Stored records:

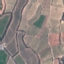
Label: PermanentCrop
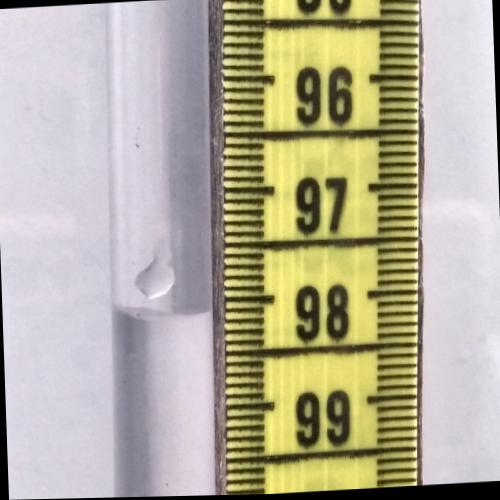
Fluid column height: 98.1 cm
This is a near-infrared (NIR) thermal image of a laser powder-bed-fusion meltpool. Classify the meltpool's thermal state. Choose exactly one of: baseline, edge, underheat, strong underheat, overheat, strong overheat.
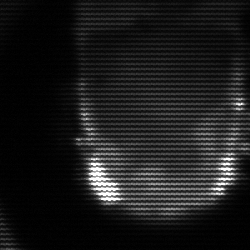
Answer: baseline
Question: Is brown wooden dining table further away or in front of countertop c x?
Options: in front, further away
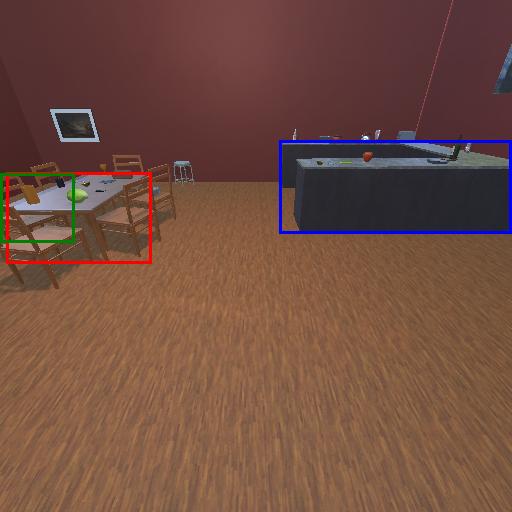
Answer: in front
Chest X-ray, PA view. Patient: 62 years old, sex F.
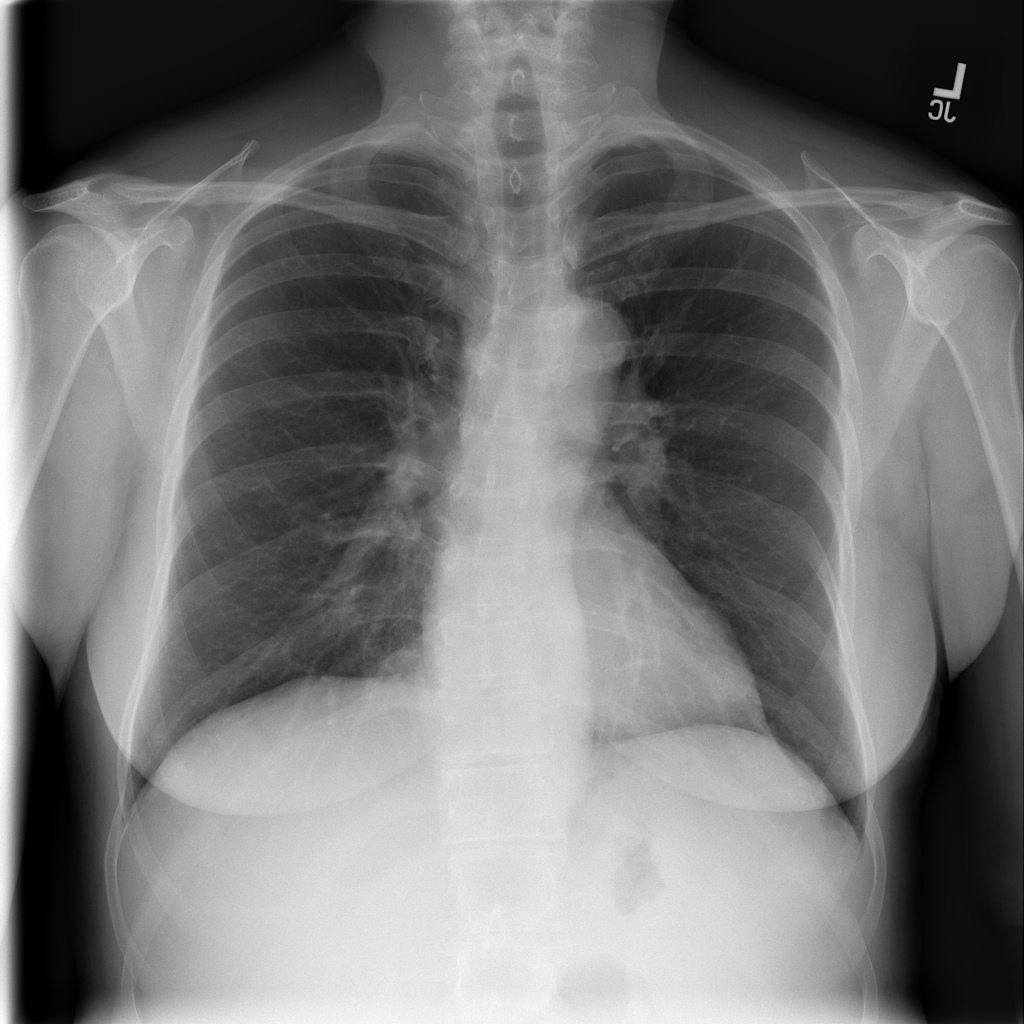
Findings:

- **What you need to do**
On how many lines above does "away" occur? Say the number only.

- **Answer**
2